Hasil penelitian yang dipaparkan tentang budaya dan bahasa yang terancam punah memberikan pengalaman baru pada kami (dan terlebih saya sebagai pendengar). Saya mulai tersadar akan pentingnya memelihara dan melestarikan bahasa daerah. Saya teringat ketika masuk sekolah dasar, para guru mewajibkan untuk berhasa Indonesia, sehingga bahasa daerah di lingkungan sekolah menjadi tabu. Dampaknya luas, para orang tua pun ikut melarang anak-anaknya berbahasa daerah. Lalu di lingkungan rumah dan kampung masyarakat mulai menggunakan bahasa Melayu Kupang, sehingga mereka berasumsi bahwa itulah bahasa Indonesia.

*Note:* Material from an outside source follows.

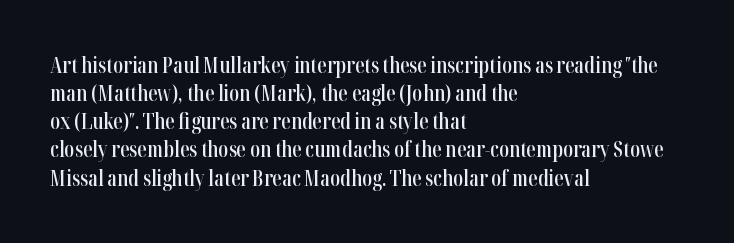
The image shows 21 px text type, upright; set left-aligned, normal line spacing (1.34x), normal letter spacing, not underlined.

Pengalaman kedua terjadi saat bergabung dalam satu tim mengikuti 1st Malaysian Indigenous People's on Conference Education (MIPCE) tahun 2007. Saat itu kami setim dengan Rektor UKAW Kupang, Pdt. G. Thom Therik, Ph.D. Dalam konferensi ini kami bertemu dengan para pakar, bahkan beberapa mantan Menteri Pendidikan dari negara-negara Asia Tenggara. Suatu pengalaman  berkesan yang membanggakan. Saya yang hanya seorang guru SD di pedalaman diikutsertakan dalam Konferensi Internasional yang dihadiri para pakar dan mantan Menteri Pendidikan ASEAN. Ketika ada percakapan-percakapan informal, rasanya diri ini sedang mengalami pansos (panjatan sosial) naik,walau sesungguhnya bukan kami bukan pakar, tetapi dihadirkan sebagai pendengar yang bergembira belaka.

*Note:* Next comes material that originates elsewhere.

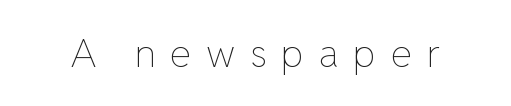
You could only call the tracking loose — the letters float apart. Is this a fixed-width face? No — the glyphs have proportional, varying widths. The zone under the glyphs is completely vacant. Is the type heavy? It reads as light-to-regular instead.

Dari konferensi ini, kesadaran akan  pentingnya memelihara bahasa daerah dan budaya lokal makin tumbuh. Saya mulai merambah riset-riset sederhana sambil terus menunaikan misi penerjemahan alkitab. Riset-riset sederhana yang dimaksudkan ini tidak serta-merta menjadi suatu tulisan ilmiah karena belum tertata apik sebagai suatu riset, namun saya gunakan untuk mengajar di ruang kelas sebagai bahan pemerkayaan materi walau sifatnya intermeso.
Ruang kelas saya menjadi ruang pameran karya anak-anak. Hal ini berangkat dari pengalaman berkunjung ke beberapa sekolah di kota Kinabalu Malaysia, dan 1 sekolah swasta di Darwin (2005).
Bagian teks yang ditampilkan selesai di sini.